Wieczorną Mszę św. w Środę Popielcową poprzedziła nowenna do świętych pustelników, podczas której modlono się m.in. w intencji diecezji przeżywającej V Synod, a także o dobre przeżycie czasu pokuty i nawrócenia.
Podczas nowenny przypomniano postać św. Świerada jako człowieka zanurzonego w Bogu, oddanego modlitwie i pracy w duchu reguły św. Benedykta, chwalącego Boga w pięknie przyrody i troszczącego się o nawrócenie grzeszników.

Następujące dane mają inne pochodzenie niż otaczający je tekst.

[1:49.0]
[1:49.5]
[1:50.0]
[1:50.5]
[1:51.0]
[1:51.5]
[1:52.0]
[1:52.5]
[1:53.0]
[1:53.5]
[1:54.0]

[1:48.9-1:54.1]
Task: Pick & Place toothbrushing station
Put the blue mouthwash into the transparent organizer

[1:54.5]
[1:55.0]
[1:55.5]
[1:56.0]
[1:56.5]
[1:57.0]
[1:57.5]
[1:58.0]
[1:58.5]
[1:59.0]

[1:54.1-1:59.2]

Przewodniczący Eucharystii ks. Arkadiusz Bobola przypomniał, że postawa nawrócenia oznacza zmianę stylu życiu. - Zaczyna się to od przemiany serca, która owocuje nowym myśleniem, mówieniem i postępowaniem. Pierwszym krokiem do przemiany serca jest przyjęcie postawy pokory i wyzbycie się pychy. Bywa bowiem, że głowa jest posypana popiołem, ale serce nie odczuwa żadnej potrzeby przemiany życia - mówił kapłan.
Błogsławieństwo orzechów.Tradycyjnie po Mszy św. ksiądz pobłogosławił orzechy, które upamiętniają 40-dniowy post św. Świerada. Święty, znany z surowej pokuty, w dni powszednie Wielkiego Postu żywił się jednym orzechem dziennie. - Warto przypomnieć, że tekst błogosławieństwa orzechów znajduje się w naszej diecezjalnej agendzie liturgicznej, można więc z niego skorzystać także w innych parafiach diecezji przypominając o św. Świeradzie i Benedykcie jako patronach diecezji, wzorach przeżywania Wielkiego Postu i o Tropiu, gdzie znajduje się sanktuarium pustelników - dodaje ks. Arkadiusz.

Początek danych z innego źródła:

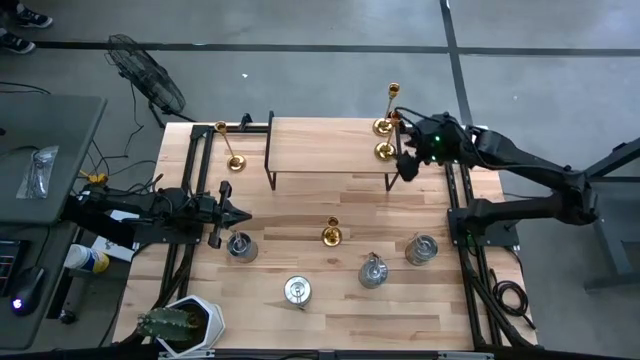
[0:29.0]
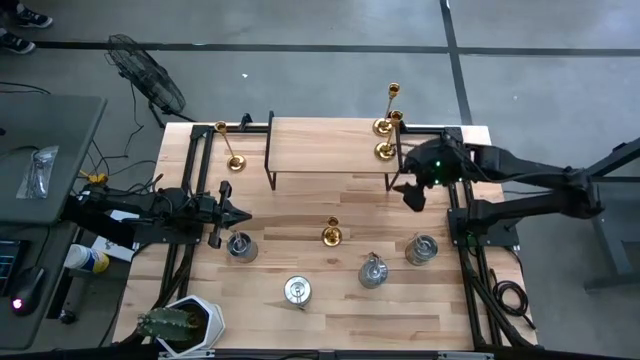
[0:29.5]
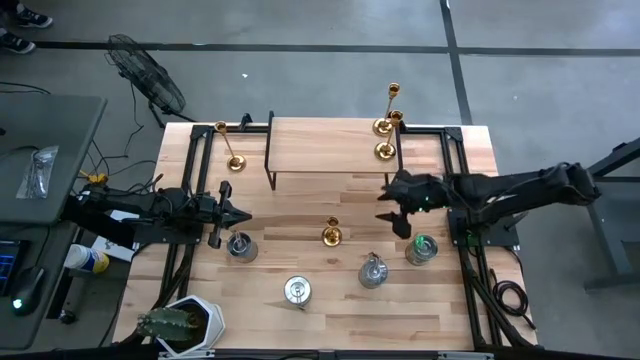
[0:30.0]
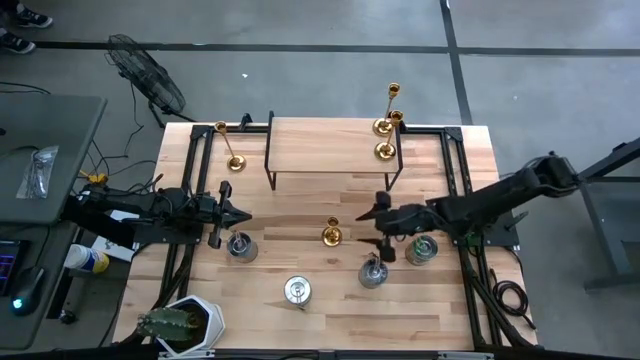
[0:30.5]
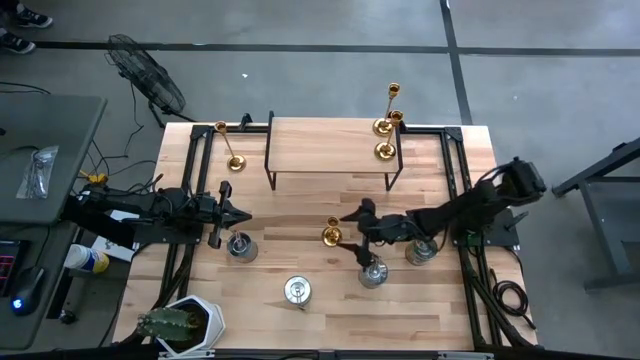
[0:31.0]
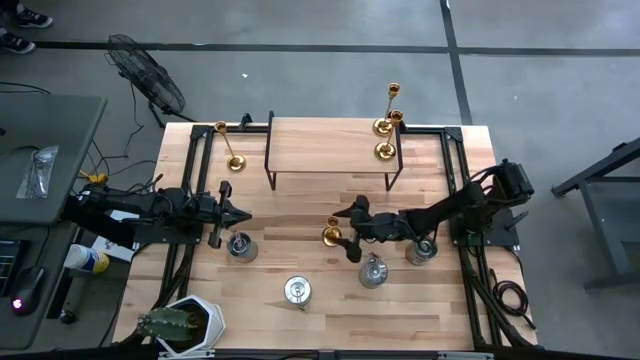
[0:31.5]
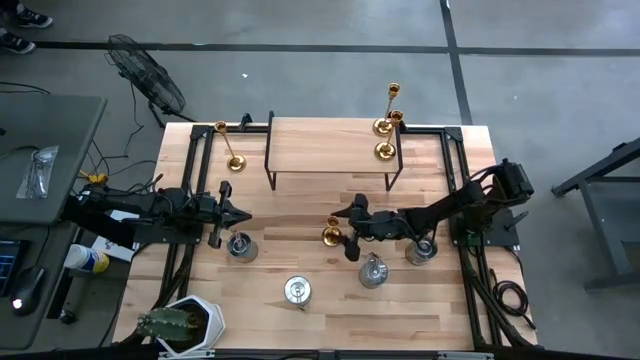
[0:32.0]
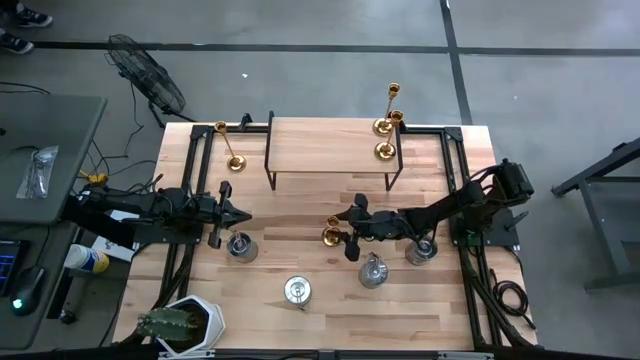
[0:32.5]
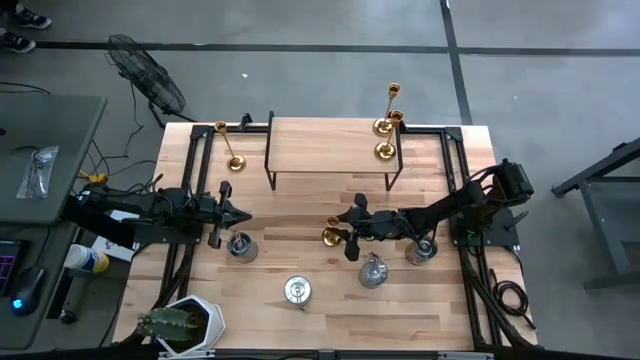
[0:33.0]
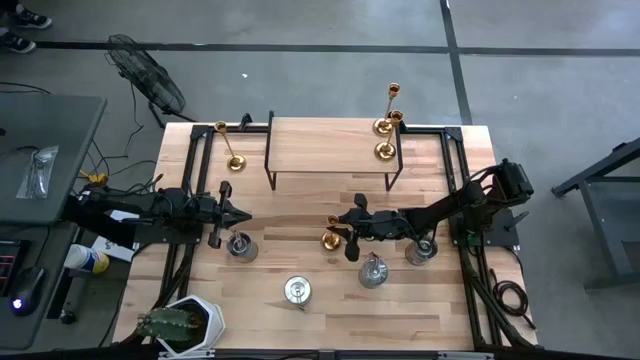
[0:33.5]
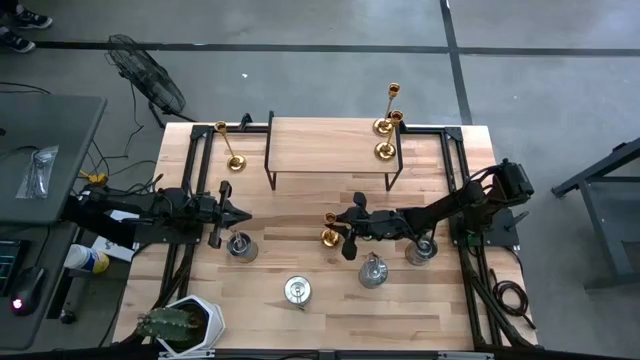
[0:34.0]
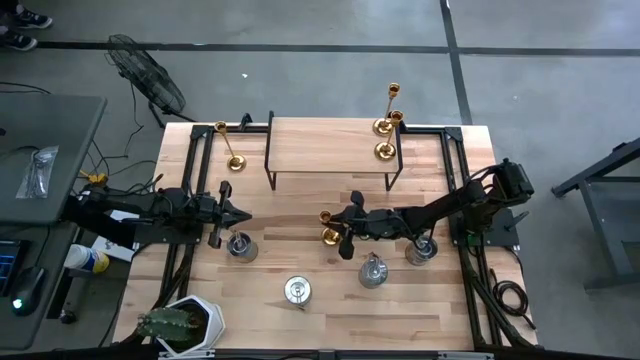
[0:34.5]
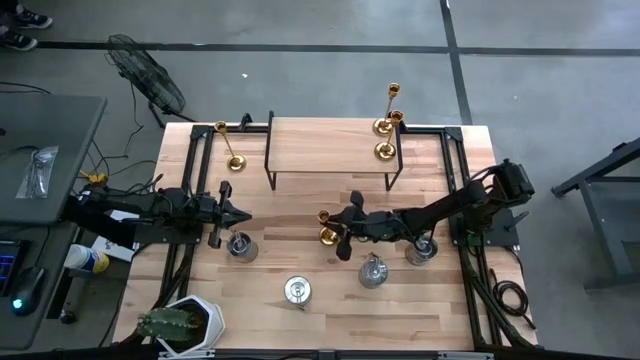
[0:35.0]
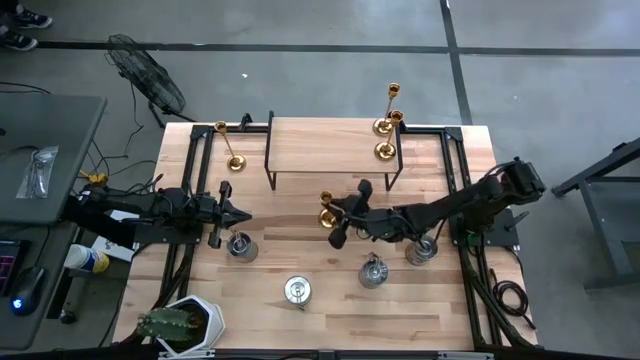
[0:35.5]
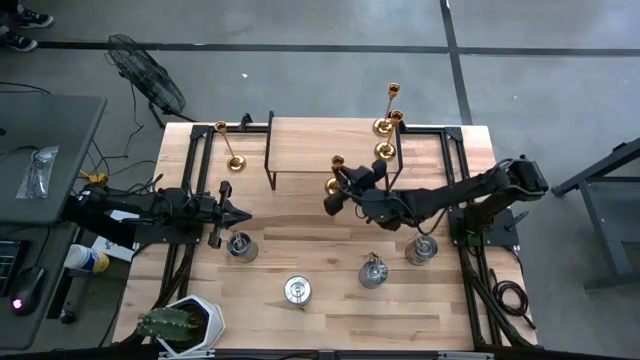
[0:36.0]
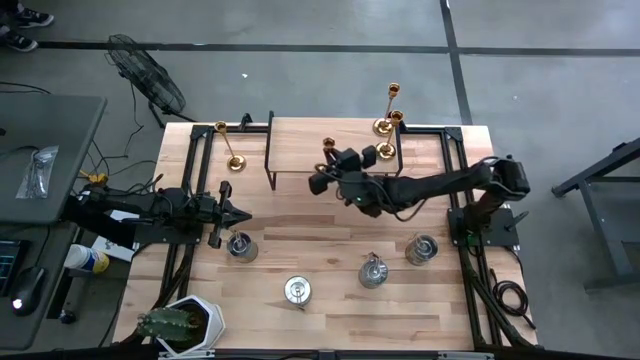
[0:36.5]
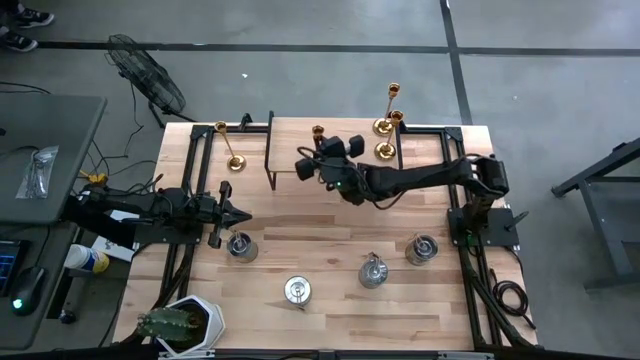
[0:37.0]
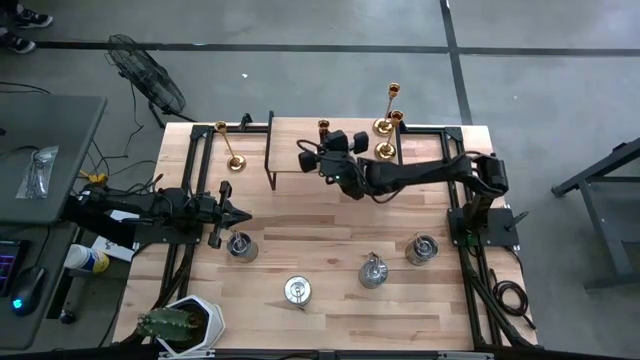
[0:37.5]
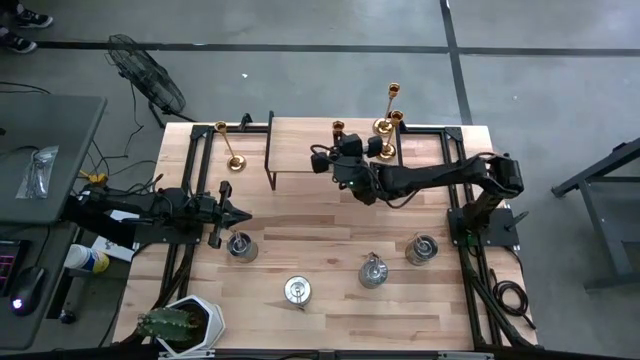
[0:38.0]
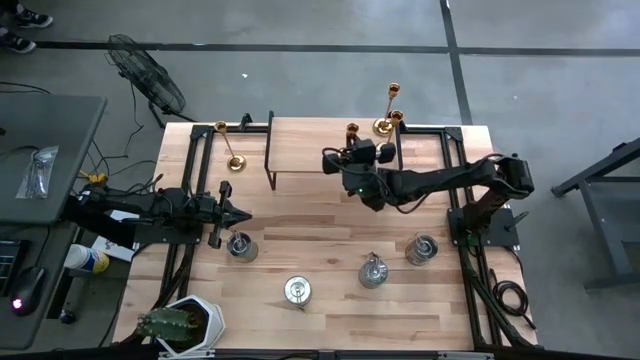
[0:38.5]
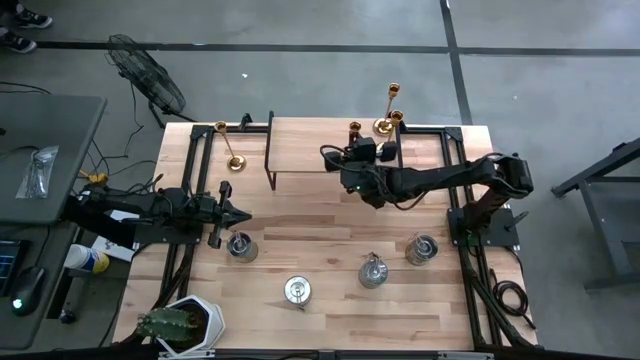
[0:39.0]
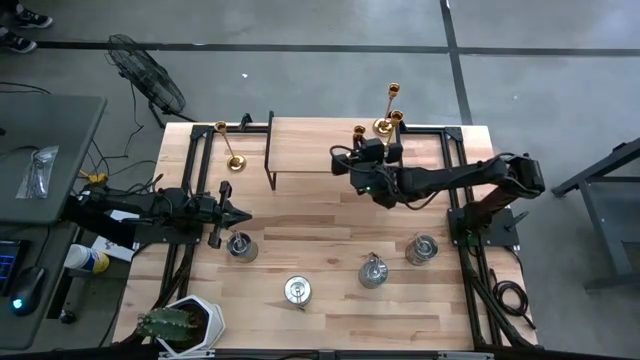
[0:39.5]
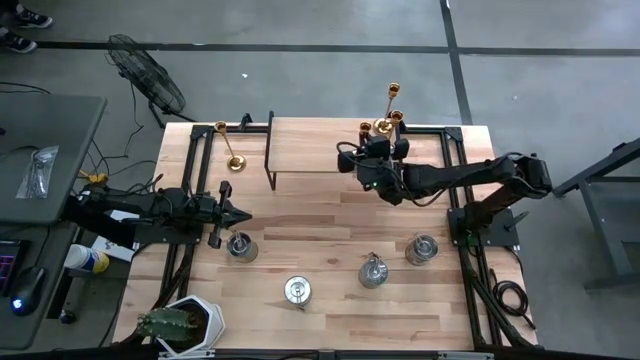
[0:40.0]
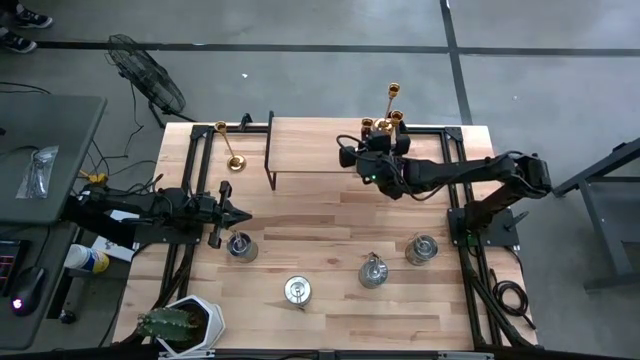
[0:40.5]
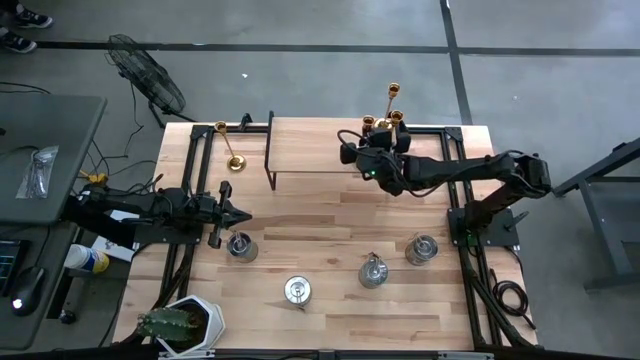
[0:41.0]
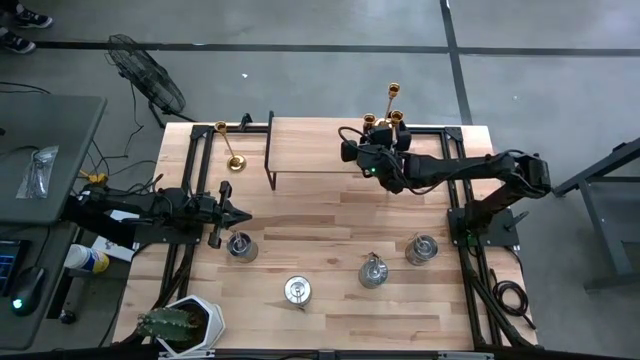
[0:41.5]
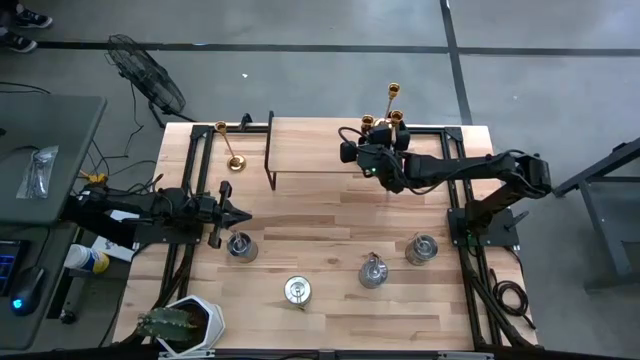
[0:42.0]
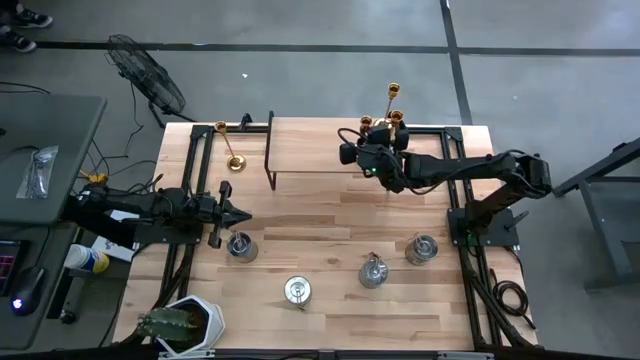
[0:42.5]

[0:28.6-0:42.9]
Task: Pick & Place candle stick holders
Put the gold candle holder on the shelf

Oblicze Pana Jezusa na chuście - obraz jest bardzo czczony przez tropskich parafian.Tropscy parafianie mają nie tylko nabożeństwo do św. Świerada i Benedykta, ale również do umęczonego męką oblicza Pana Jezusa. W maleńkiej kaplicy znajduje się XVII-wieczny obraz przedstawiający odbicie twarzy Chrystusa na chuście. Dwa lata temu ołtarz z obrazem zostały gruntownie odnowione. - Ludzie bardzo chętnie po przyjęciu Komunii św. przychodzą do tego obrazu i modlą się długo w ciszy. Co ciekawe, podczas renowacji obrazu okazało się, że pod obecnym wizerunkiem znajdują się dwa inne, w tym jeden przedstawiający scenę ukrzyżowania. Ludzie są jednak tak przywiązani do oblicza Pana Jezusa, że właśnie ono zostało pozostawione do kultu - mówi ks. proboszcz Andrzej Piórek.
Uczestnicy liturgii zabierali pobłogosławione orzechy do domu.